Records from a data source
+===+

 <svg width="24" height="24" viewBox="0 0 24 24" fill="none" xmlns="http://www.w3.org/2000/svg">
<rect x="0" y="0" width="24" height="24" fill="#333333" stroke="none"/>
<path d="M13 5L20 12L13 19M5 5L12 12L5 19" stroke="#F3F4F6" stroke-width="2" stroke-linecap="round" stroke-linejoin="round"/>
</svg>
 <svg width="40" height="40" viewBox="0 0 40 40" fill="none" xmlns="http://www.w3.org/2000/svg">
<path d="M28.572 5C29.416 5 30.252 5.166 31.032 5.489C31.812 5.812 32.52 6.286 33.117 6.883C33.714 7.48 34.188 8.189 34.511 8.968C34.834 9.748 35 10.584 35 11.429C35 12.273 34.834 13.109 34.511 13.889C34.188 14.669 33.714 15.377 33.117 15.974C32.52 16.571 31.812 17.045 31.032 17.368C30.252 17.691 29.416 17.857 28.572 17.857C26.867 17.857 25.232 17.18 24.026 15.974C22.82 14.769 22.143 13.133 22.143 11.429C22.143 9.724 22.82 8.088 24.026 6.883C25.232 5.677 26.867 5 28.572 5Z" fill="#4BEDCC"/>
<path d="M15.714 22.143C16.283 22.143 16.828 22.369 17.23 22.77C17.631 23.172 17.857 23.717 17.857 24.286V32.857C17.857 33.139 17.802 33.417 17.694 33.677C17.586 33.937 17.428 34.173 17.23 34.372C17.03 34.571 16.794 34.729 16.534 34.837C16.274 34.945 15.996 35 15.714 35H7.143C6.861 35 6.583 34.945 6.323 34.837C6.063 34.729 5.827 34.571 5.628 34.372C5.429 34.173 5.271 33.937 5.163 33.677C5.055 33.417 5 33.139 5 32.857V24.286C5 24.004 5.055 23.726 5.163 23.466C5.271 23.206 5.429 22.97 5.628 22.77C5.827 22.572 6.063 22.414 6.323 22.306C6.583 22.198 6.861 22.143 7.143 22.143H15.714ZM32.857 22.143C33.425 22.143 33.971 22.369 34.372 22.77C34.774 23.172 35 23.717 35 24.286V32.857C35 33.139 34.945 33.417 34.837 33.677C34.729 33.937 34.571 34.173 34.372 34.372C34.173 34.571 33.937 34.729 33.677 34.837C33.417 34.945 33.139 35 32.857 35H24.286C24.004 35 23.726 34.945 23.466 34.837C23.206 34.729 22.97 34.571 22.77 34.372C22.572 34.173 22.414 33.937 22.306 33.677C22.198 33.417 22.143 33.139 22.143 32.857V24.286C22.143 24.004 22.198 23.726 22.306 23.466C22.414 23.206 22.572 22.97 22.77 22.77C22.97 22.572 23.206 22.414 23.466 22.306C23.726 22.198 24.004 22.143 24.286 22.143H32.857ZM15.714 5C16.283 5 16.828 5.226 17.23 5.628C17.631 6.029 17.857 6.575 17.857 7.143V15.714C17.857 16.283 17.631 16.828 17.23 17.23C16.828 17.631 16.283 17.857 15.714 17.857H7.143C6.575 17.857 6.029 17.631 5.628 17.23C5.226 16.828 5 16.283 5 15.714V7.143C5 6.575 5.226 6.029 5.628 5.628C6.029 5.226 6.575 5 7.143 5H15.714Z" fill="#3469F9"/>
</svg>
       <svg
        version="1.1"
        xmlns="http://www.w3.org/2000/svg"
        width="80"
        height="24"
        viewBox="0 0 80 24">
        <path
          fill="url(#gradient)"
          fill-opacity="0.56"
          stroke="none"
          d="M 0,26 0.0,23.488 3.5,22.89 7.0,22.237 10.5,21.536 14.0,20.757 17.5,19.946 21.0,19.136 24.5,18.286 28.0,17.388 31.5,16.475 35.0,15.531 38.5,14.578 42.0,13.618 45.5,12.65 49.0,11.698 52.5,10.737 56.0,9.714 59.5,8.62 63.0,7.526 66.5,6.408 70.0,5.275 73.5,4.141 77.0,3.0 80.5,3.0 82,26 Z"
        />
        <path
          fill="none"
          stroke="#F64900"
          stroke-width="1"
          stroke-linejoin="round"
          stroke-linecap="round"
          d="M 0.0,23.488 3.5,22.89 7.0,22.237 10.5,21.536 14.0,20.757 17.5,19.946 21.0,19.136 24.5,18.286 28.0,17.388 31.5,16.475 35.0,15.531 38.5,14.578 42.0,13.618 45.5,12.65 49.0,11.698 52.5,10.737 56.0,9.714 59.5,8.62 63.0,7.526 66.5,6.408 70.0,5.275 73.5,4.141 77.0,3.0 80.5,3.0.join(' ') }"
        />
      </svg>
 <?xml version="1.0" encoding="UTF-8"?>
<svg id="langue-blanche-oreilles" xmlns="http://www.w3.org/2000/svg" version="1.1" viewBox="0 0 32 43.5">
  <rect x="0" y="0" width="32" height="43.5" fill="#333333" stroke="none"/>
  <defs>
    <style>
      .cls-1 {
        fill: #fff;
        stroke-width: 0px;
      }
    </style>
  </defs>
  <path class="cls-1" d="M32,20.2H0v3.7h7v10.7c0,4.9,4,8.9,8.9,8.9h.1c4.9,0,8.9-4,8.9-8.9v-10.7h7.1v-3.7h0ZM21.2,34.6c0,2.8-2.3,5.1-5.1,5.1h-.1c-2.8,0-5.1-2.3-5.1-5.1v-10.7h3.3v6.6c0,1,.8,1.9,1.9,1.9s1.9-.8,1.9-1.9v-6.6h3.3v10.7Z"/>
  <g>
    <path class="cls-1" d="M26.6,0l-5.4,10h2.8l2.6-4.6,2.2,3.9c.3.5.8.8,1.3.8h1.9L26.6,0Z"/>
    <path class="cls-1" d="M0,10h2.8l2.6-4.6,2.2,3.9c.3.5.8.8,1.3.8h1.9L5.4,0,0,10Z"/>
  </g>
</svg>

+===+

— What you need to do —
Give nothing except how many lines of the records include "class".

— Answer space —
3